Bottom line: if your AI agent can call internal tools, it should not also be able to read the credential that authorizes those tools. That is the security lesson behind the current Claude Managed Agents, MCP tunnels, Cloudflare sandbox, and MCP security debate.
This is not a theoretical architecture argument. On May 19, 2026, Claude announced self-hosted sandboxes and MCP tunnels for Claude Managed Agents. The important detail is direct: self-hosted sandboxes are in public beta, MCP tunnels are in research preview, and the agent loop can stay on Claude while tool execution and private MCP access move inside infrastructure the customer controls.
That landed at exactly the moment security teams are getting nervous about autonomous agents. A recent TechRadar Pro column framed agents as active actors moving through business systems, not passive chatbots. On Reddit, the highest-signal developer discussion around the Claude update centered on a sharper point: the useful security property is not simply “sandboxed.” It is that the agent never holds the credential.

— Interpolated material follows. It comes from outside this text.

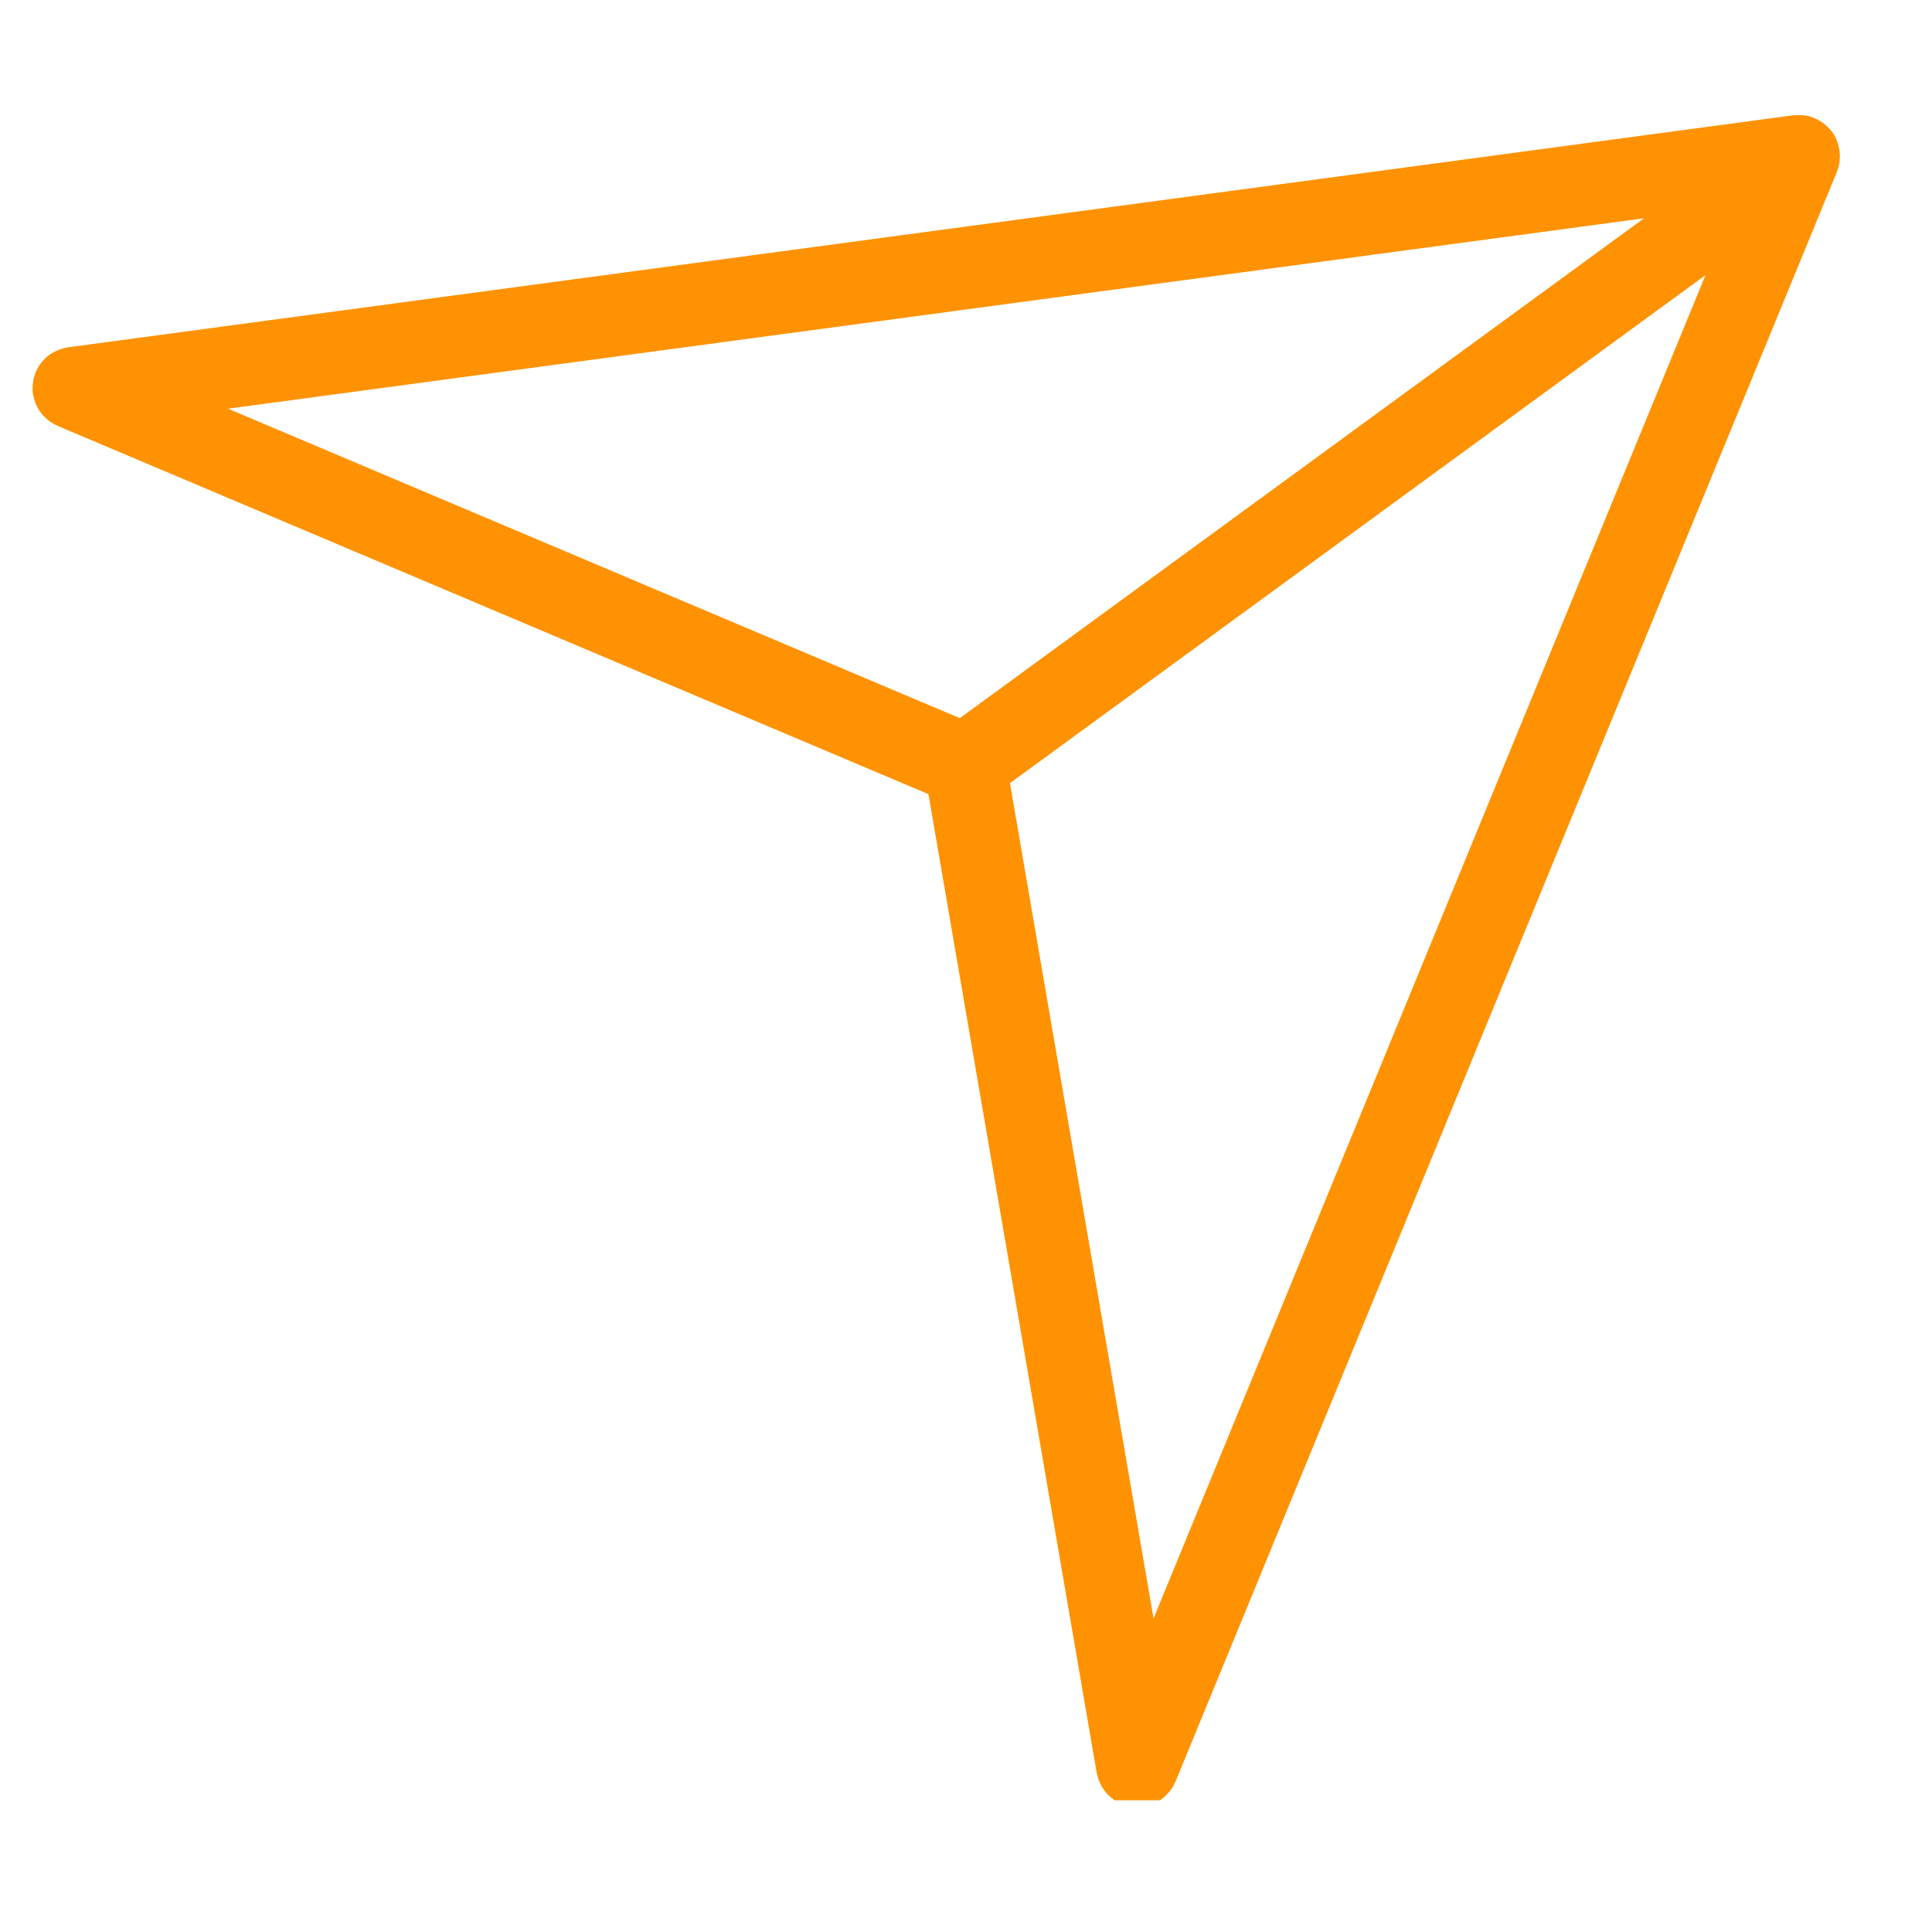 <svg xmlns="http://www.w3.org/2000/svg" xmlns:xlink="http://www.w3.org/1999/xlink" width="130" zoomAndPan="magnify" viewBox="0 0 97.5 97.5" height="130" preserveAspectRatio="xMidYMid meet" version="1.0"><defs><clipPath id="7c616be7fb"><path d="M 1.387 5.785 L 93 5.785 L 93 90.852 L 1.387 90.852 Z M 1.387 5.785 " clip-rule="nonzero"/></clipPath></defs><g clip-path="url(#7c616be7fb)"><path fill="#ff9202" d="M 92.84 8.062 C 92.852 7.93 92.852 7.797 92.84 7.668 C 92.84 7.621 92.828 7.578 92.82 7.531 C 92.797 7.402 92.762 7.273 92.719 7.152 C 92.707 7.121 92.695 7.09 92.684 7.059 C 92.625 6.914 92.547 6.777 92.457 6.652 C 92.449 6.641 92.441 6.637 92.434 6.625 C 92.43 6.617 92.43 6.613 92.422 6.605 C 92.418 6.602 92.383 6.57 92.367 6.551 C 92.281 6.449 92.188 6.355 92.086 6.27 C 92.047 6.238 92.008 6.211 91.965 6.18 C 91.867 6.113 91.762 6.055 91.652 6.004 C 91.613 5.984 91.574 5.961 91.531 5.945 C 91.387 5.887 91.234 5.848 91.078 5.824 C 91.043 5.824 91.012 5.824 90.977 5.816 C 90.844 5.805 90.711 5.805 90.574 5.816 C 90.551 5.816 90.531 5.816 90.504 5.816 L 3.438 17.527 C 3.41 17.527 3.387 17.539 3.363 17.543 C 3.316 17.551 3.273 17.562 3.23 17.574 C 3.137 17.594 3.047 17.621 2.957 17.656 C 2.938 17.664 2.918 17.676 2.898 17.684 C 2.793 17.727 2.688 17.781 2.59 17.844 L 2.574 17.852 C 2.465 17.926 2.363 18.004 2.273 18.094 C 1.965 18.395 1.77 18.75 1.684 19.172 L 1.684 19.184 C 1.66 19.312 1.648 19.441 1.648 19.57 C 1.648 19.582 1.648 19.594 1.648 19.609 C 1.645 19.691 1.648 19.773 1.656 19.855 C 1.66 19.895 1.676 19.93 1.684 19.969 L 1.691 20.008 C 1.715 20.129 1.75 20.242 1.797 20.355 L 1.805 20.375 C 1.852 20.492 1.91 20.602 1.977 20.707 C 1.984 20.715 1.992 20.727 2 20.738 C 2.062 20.836 2.137 20.926 2.219 21.012 C 2.238 21.031 2.258 21.047 2.277 21.066 C 2.352 21.141 2.434 21.211 2.52 21.273 C 2.547 21.297 2.582 21.312 2.621 21.336 C 2.703 21.387 2.785 21.434 2.871 21.473 C 2.887 21.48 2.898 21.488 2.914 21.496 L 46.855 40.078 L 55.348 89.477 C 55.348 89.496 55.363 89.516 55.367 89.535 C 55.371 89.559 55.375 89.562 55.375 89.57 C 55.398 89.688 55.434 89.801 55.48 89.91 C 55.488 89.93 55.496 89.941 55.504 89.961 C 55.547 90.059 55.598 90.156 55.656 90.246 C 55.672 90.273 55.691 90.297 55.707 90.32 C 55.762 90.398 55.824 90.473 55.887 90.543 C 55.918 90.57 55.945 90.598 55.977 90.629 C 56.039 90.688 56.105 90.742 56.176 90.793 C 56.211 90.82 56.25 90.848 56.285 90.871 C 56.363 90.922 56.445 90.965 56.531 91.004 C 56.559 91.016 56.582 91.035 56.609 91.047 C 56.621 91.047 56.633 91.047 56.641 91.059 C 56.727 91.09 56.812 91.113 56.902 91.137 C 56.941 91.145 56.98 91.16 57.02 91.168 C 57.078 91.176 57.141 91.18 57.203 91.184 C 57.266 91.191 57.332 91.203 57.398 91.203 C 57.41 91.203 57.426 91.199 57.438 91.199 C 57.543 91.195 57.648 91.188 57.75 91.172 C 57.801 91.164 57.844 91.145 57.895 91.129 C 57.941 91.117 58.016 91.102 58.074 91.082 C 58.23 91.031 58.379 90.961 58.516 90.875 C 58.555 90.848 58.59 90.816 58.625 90.789 C 58.73 90.711 58.824 90.629 58.91 90.531 C 58.957 90.484 59 90.438 59.043 90.383 C 59.145 90.25 59.227 90.113 59.297 89.961 C 59.301 89.945 59.312 89.934 59.32 89.918 L 92.703 8.668 C 92.703 8.656 92.703 8.645 92.711 8.633 C 92.773 8.48 92.812 8.324 92.836 8.164 C 92.836 8.125 92.836 8.094 92.84 8.062 Z M 58.215 81.676 L 50.969 39.523 L 86.07 13.883 Z M 11.508 20.625 L 82.965 11.016 L 48.438 36.242 Z M 11.508 20.625 " fill-opacity="1" fill-rule="nonzero"/></g></svg>

This article is for teams that are already using Claude Code, Codex, Gemini CLI, Cursor, internal copilots, MCP servers, Zapier-style actions, browser agents, or long-running workflow agents. If an agent can read, write, call APIs, submit forms, push code, update CRM records, or touch customer data, treat it like a new employee with automation speed and no common sense.
The short answer
- Do not give agents raw long-lived secrets. Put credentials behind a gateway, vault, proxy, or scoped server that the agent can call but cannot inspect.
- Separate the brain from the hands. The model can decide what to do, but tool execution should happen in a controlled runtime with egress rules, logging, and resource limits.
- Split read-only and write-capable tools. Most agent tasks do not need write access. Default to read-only until a workflow proves it needs mutation.
- Log every tool call. A useful audit record includes agent ID, user, tool name, arguments, redacted payload fields, approval state, result type, and downstream system response.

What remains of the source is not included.